We also have Gunn regulars Sean Gunn as the office’s resident conspiracy theorist, Michael Rooker as the kindly janitor, and Gregg Henry as the mystery man who is pulling the strings.  If you’re a fan of Gunn’s work, you should certainly enjoy seeing all of them popping up.  John Gallagher, Jr. is a bit milquetoast as the hero, but that’s kind of what the role requires as he is one of the few voices of reason.

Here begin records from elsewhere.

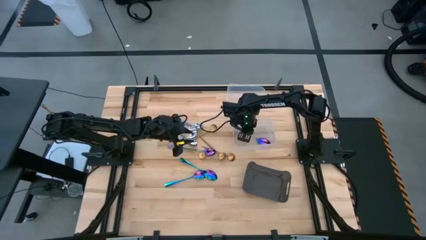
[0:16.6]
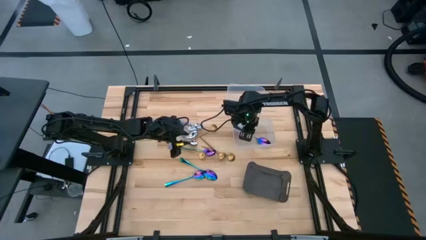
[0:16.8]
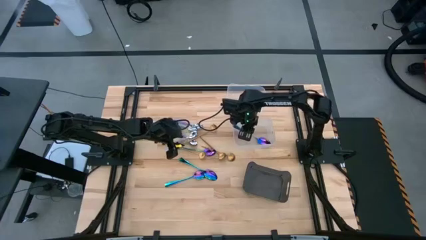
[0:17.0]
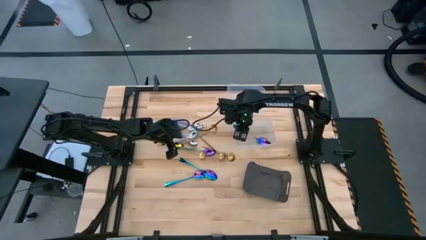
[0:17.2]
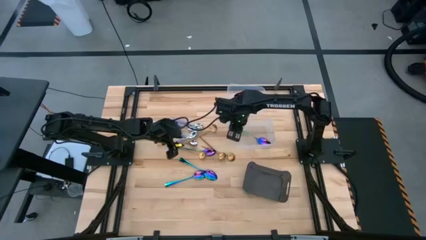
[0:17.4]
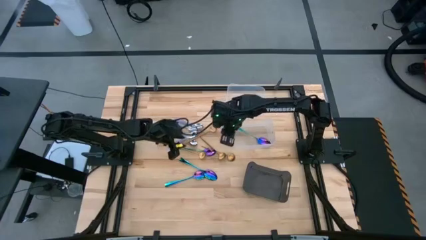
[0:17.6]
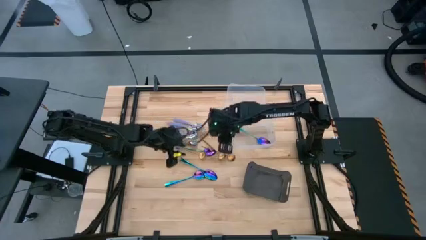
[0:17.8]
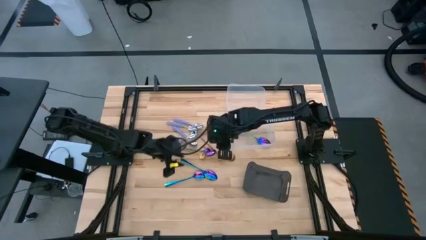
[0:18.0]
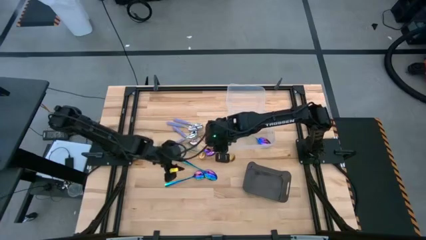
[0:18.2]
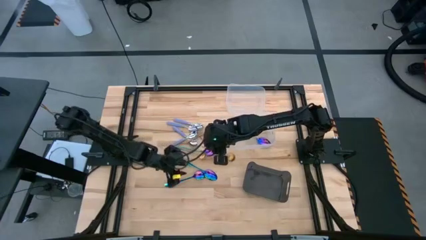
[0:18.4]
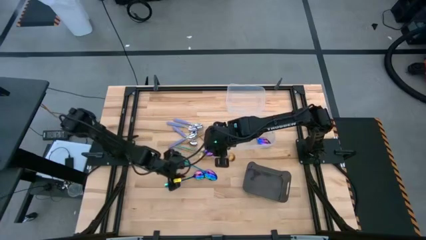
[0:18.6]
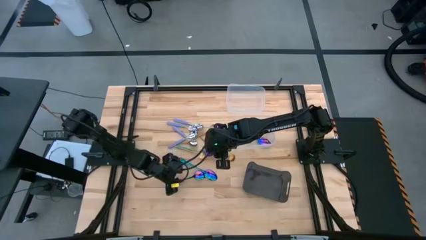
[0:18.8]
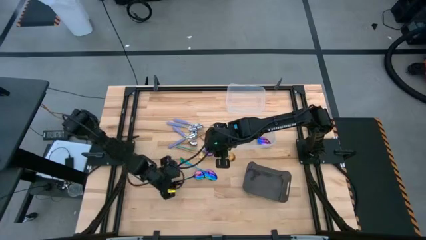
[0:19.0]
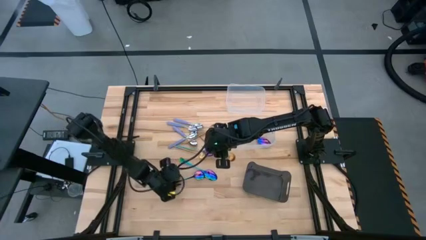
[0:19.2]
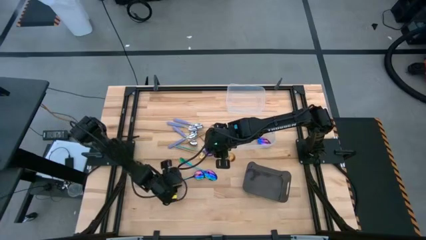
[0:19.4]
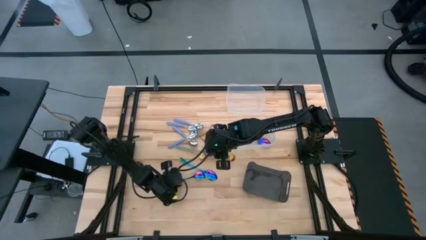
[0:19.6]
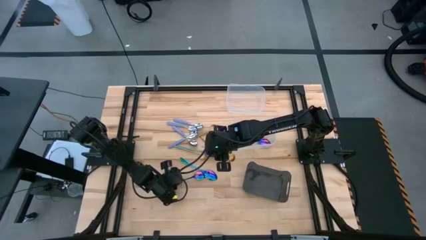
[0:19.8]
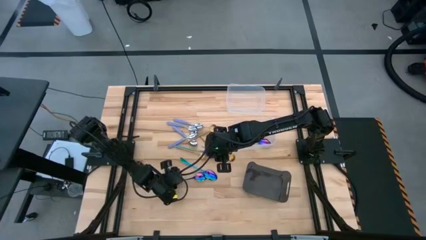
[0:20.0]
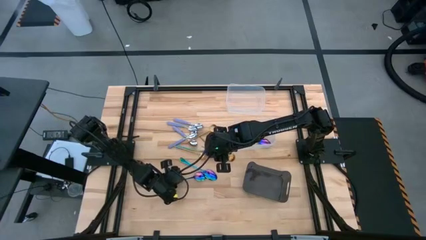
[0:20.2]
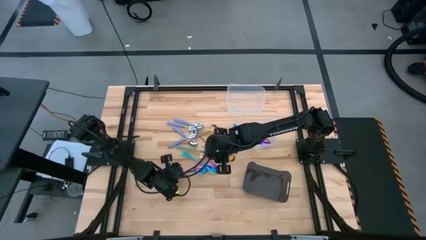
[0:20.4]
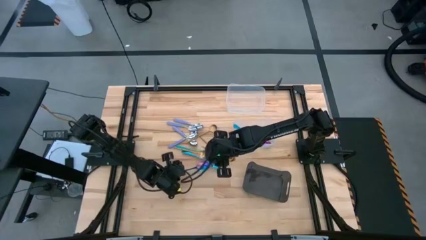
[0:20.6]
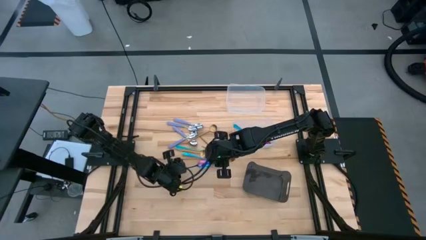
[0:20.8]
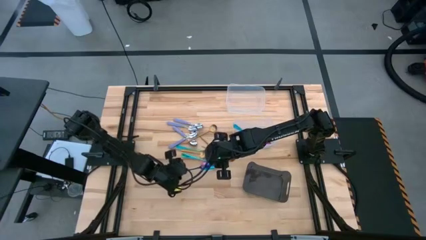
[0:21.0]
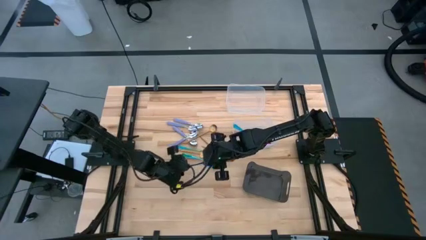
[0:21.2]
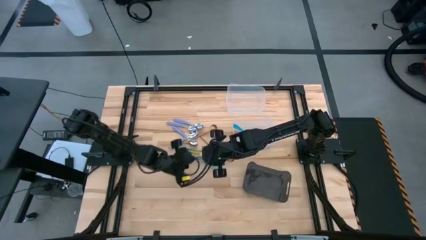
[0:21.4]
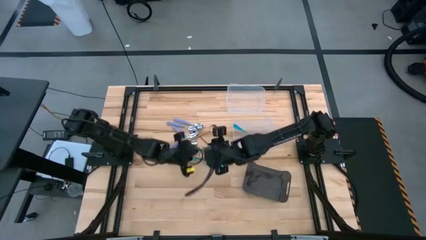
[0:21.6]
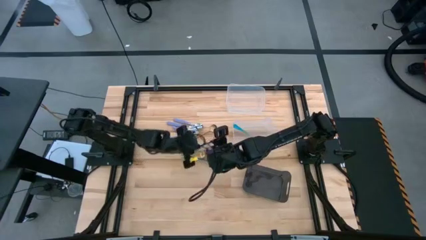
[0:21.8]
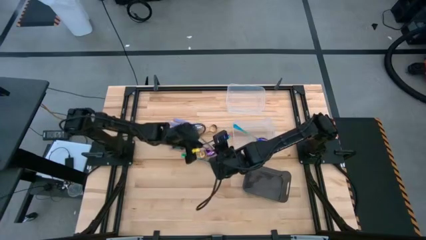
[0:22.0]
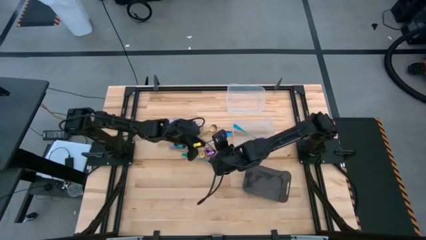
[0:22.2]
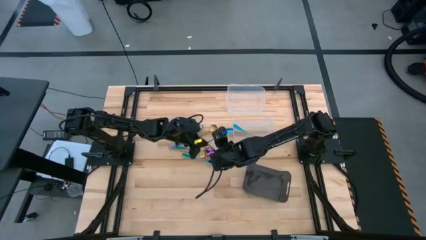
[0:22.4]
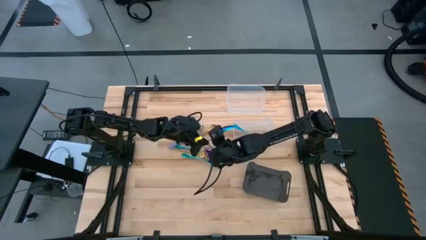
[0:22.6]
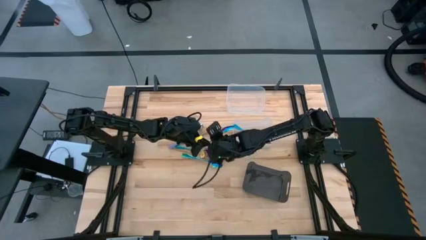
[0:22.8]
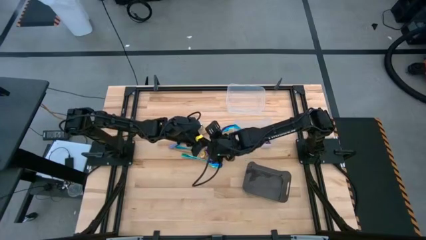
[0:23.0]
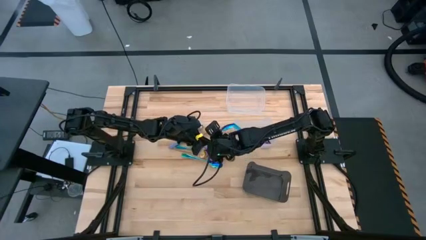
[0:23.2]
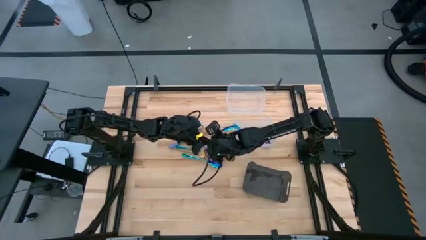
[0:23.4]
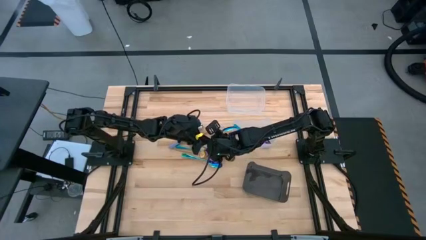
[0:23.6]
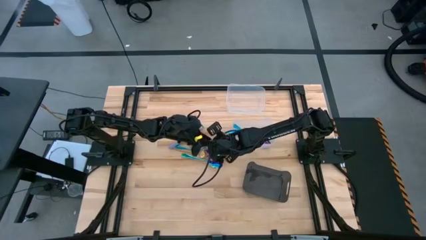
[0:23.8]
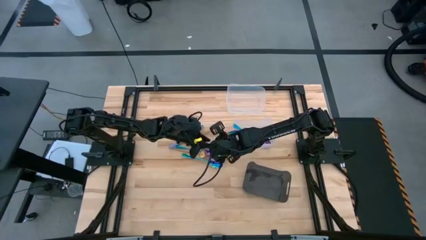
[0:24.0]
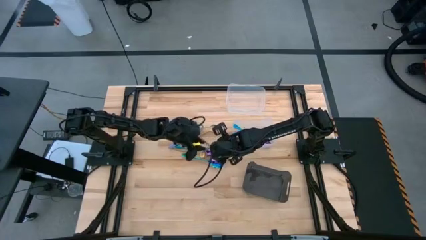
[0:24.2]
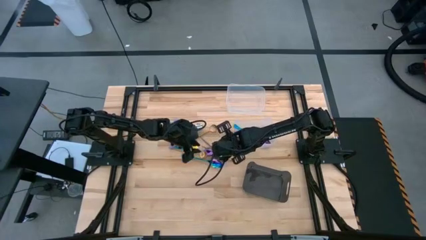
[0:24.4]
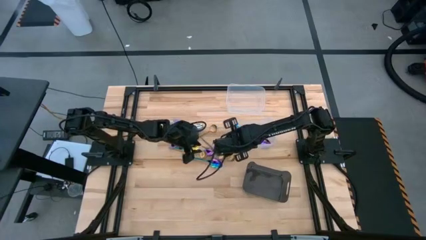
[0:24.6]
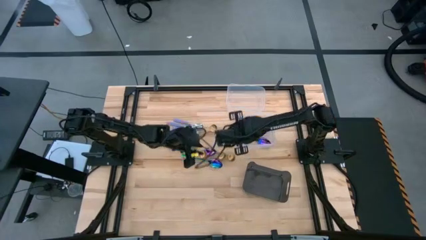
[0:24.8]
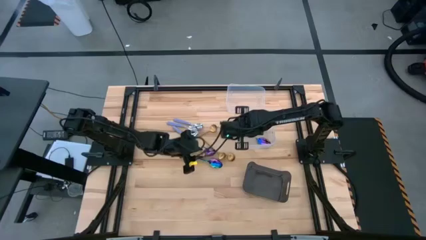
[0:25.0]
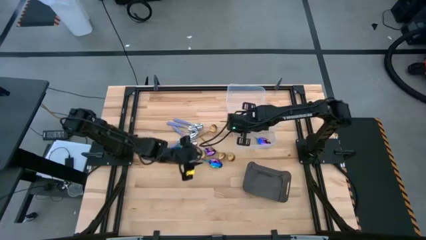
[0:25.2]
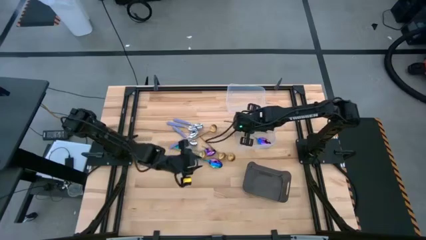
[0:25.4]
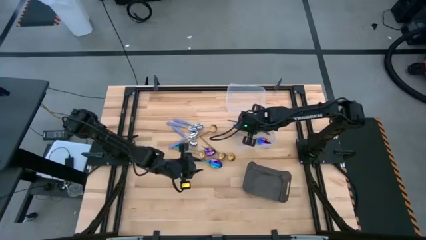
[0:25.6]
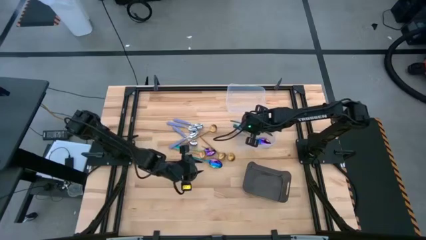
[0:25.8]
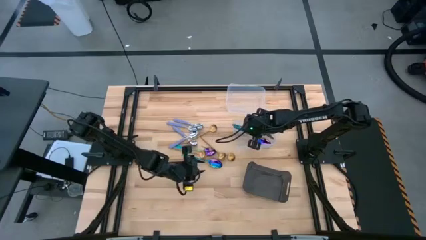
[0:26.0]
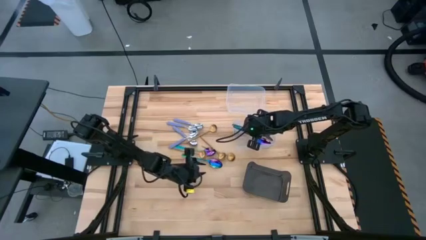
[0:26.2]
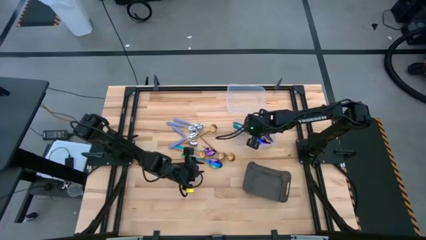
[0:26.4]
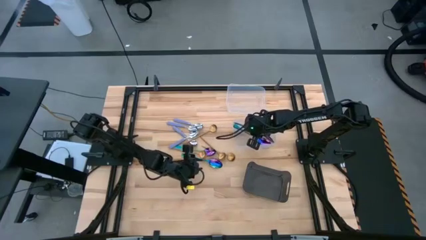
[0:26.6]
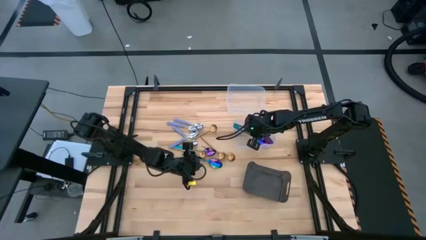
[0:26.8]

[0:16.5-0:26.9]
Task: Sort silverware by color (type)
Put the blue spoon into the bottom transparent bin

Even though most of the horror comes from the “What Would You Do?” scenario, the gore is solid all the way around.  Fans of exploding heads will surely dig it as it contains almost as many exploding head effects as a Scanners movie.  Even though most of the kills come courtesy of boring old gunfire, we still get a few choice impalements, axes to the face, and skull crushings too. 

In short, The Belko Experiment is a fast-moving, down-and-dirty, three-chord horror movie.  It’s content to resist the temptation to exceed its grasp and that restraint results in a consistently entertaining little flick.  It certainly beats a day at the office, I’ll tell you that.